### The task
Your answer should consist solely of the lines from the one containing "#8610 = VECTOR ( 'NONE', #57898, 1000. ) ;" through the end of the entries below, duplicated exactly.

[Information shown Boundary: Start]

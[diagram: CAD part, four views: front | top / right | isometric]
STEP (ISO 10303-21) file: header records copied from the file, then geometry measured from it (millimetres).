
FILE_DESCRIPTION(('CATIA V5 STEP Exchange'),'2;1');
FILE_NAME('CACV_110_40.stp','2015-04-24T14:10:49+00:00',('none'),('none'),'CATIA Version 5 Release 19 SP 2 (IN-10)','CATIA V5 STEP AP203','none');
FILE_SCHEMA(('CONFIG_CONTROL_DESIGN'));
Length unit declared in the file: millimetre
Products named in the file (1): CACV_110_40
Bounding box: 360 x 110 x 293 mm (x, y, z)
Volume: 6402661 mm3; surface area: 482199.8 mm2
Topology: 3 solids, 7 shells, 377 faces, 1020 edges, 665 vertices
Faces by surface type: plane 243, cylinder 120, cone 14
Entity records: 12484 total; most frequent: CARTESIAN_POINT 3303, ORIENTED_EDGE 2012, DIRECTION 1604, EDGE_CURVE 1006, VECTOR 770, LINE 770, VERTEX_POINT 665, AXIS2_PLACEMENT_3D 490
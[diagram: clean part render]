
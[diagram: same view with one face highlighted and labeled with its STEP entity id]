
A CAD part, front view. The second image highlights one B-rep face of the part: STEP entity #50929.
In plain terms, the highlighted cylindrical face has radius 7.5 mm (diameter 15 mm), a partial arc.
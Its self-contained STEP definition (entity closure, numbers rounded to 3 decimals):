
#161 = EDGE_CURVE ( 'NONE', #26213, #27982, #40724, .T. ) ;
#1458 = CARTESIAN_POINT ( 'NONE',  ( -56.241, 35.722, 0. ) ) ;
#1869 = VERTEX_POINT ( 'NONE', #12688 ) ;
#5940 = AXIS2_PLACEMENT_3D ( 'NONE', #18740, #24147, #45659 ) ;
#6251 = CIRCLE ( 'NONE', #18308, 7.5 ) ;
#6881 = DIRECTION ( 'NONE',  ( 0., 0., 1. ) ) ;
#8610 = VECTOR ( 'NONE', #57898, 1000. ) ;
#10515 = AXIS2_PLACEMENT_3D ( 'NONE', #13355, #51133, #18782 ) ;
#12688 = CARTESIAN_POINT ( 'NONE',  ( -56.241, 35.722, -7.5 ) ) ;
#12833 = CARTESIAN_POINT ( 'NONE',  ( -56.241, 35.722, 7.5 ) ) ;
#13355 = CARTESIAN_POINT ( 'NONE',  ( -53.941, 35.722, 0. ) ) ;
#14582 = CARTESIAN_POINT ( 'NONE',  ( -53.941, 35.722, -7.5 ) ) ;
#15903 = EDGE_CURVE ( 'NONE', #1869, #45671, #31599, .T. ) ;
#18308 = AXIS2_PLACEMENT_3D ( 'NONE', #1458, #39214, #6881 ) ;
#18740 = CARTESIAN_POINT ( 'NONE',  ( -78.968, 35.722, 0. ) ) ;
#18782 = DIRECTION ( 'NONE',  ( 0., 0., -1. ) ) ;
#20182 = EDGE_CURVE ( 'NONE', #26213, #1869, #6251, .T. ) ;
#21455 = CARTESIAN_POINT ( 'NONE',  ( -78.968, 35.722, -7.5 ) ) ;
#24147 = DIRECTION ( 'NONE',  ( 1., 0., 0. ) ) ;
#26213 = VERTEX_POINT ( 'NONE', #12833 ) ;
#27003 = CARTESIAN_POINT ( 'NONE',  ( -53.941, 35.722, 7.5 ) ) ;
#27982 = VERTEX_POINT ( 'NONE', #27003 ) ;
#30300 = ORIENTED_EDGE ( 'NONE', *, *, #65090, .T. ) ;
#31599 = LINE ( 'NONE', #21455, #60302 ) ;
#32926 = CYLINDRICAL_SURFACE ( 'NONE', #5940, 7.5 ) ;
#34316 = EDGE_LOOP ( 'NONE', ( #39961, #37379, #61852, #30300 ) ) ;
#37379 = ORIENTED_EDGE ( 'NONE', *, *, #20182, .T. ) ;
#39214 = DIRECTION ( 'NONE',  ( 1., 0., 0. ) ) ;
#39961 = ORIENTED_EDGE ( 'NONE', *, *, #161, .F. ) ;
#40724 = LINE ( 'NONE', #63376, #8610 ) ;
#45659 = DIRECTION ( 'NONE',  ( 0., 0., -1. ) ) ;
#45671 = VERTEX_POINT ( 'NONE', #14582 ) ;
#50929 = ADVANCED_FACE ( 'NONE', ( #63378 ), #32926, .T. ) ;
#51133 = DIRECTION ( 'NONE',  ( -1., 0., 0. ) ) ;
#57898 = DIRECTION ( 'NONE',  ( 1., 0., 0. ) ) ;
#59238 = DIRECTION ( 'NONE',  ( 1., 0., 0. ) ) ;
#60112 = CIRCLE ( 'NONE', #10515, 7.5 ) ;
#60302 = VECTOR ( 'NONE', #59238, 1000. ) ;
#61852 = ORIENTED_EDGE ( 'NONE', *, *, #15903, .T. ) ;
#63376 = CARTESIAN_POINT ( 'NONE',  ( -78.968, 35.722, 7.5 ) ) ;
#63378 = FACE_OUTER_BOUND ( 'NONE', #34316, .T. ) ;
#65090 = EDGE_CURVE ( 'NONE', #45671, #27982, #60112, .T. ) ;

[Information shown Boundary: End]

### The completed task
#8610 = VECTOR ( 'NONE', #57898, 1000. ) ;
#10515 = AXIS2_PLACEMENT_3D ( 'NONE', #13355, #51133, #18782 ) ;
#12688 = CARTESIAN_POINT ( 'NONE',  ( -56.241, 35.722, -7.5 ) ) ;
#12833 = CARTESIAN_POINT ( 'NONE',  ( -56.241, 35.722, 7.5 ) ) ;
#13355 = CARTESIAN_POINT ( 'NONE',  ( -53.941, 35.722, 0. ) ) ;
#14582 = CARTESIAN_POINT ( 'NONE',  ( -53.941, 35.722, -7.5 ) ) ;
#15903 = EDGE_CURVE ( 'NONE', #1869, #45671, #31599, .T. ) ;
#18308 = AXIS2_PLACEMENT_3D ( 'NONE', #1458, #39214, #6881 ) ;
#18740 = CARTESIAN_POINT ( 'NONE',  ( -78.968, 35.722, 0. ) ) ;
#18782 = DIRECTION ( 'NONE',  ( 0., 0., -1. ) ) ;
#20182 = EDGE_CURVE ( 'NONE', #26213, #1869, #6251, .T. ) ;
#21455 = CARTESIAN_POINT ( 'NONE',  ( -78.968, 35.722, -7.5 ) ) ;
#24147 = DIRECTION ( 'NONE',  ( 1., 0., 0. ) ) ;
#26213 = VERTEX_POINT ( 'NONE', #12833 ) ;
#27003 = CARTESIAN_POINT ( 'NONE',  ( -53.941, 35.722, 7.5 ) ) ;
#27982 = VERTEX_POINT ( 'NONE', #27003 ) ;
#30300 = ORIENTED_EDGE ( 'NONE', *, *, #65090, .T. ) ;
#31599 = LINE ( 'NONE', #21455, #60302 ) ;
#32926 = CYLINDRICAL_SURFACE ( 'NONE', #5940, 7.5 ) ;
#34316 = EDGE_LOOP ( 'NONE', ( #39961, #37379, #61852, #30300 ) ) ;
#37379 = ORIENTED_EDGE ( 'NONE', *, *, #20182, .T. ) ;
#39214 = DIRECTION ( 'NONE',  ( 1., 0., 0. ) ) ;
#39961 = ORIENTED_EDGE ( 'NONE', *, *, #161, .F. ) ;
#40724 = LINE ( 'NONE', #63376, #8610 ) ;
#45659 = DIRECTION ( 'NONE',  ( 0., 0., -1. ) ) ;
#45671 = VERTEX_POINT ( 'NONE', #14582 ) ;
#50929 = ADVANCED_FACE ( 'NONE', ( #63378 ), #32926, .T. ) ;
#51133 = DIRECTION ( 'NONE',  ( -1., 0., 0. ) ) ;
#57898 = DIRECTION ( 'NONE',  ( 1., 0., 0. ) ) ;
#59238 = DIRECTION ( 'NONE',  ( 1., 0., 0. ) ) ;
#60112 = CIRCLE ( 'NONE', #10515, 7.5 ) ;
#60302 = VECTOR ( 'NONE', #59238, 1000. ) ;
#61852 = ORIENTED_EDGE ( 'NONE', *, *, #15903, .T. ) ;
#63376 = CARTESIAN_POINT ( 'NONE',  ( -78.968, 35.722, 7.5 ) ) ;
#63378 = FACE_OUTER_BOUND ( 'NONE', #34316, .T. ) ;
#65090 = EDGE_CURVE ( 'NONE', #45671, #27982, #60112, .T. ) ;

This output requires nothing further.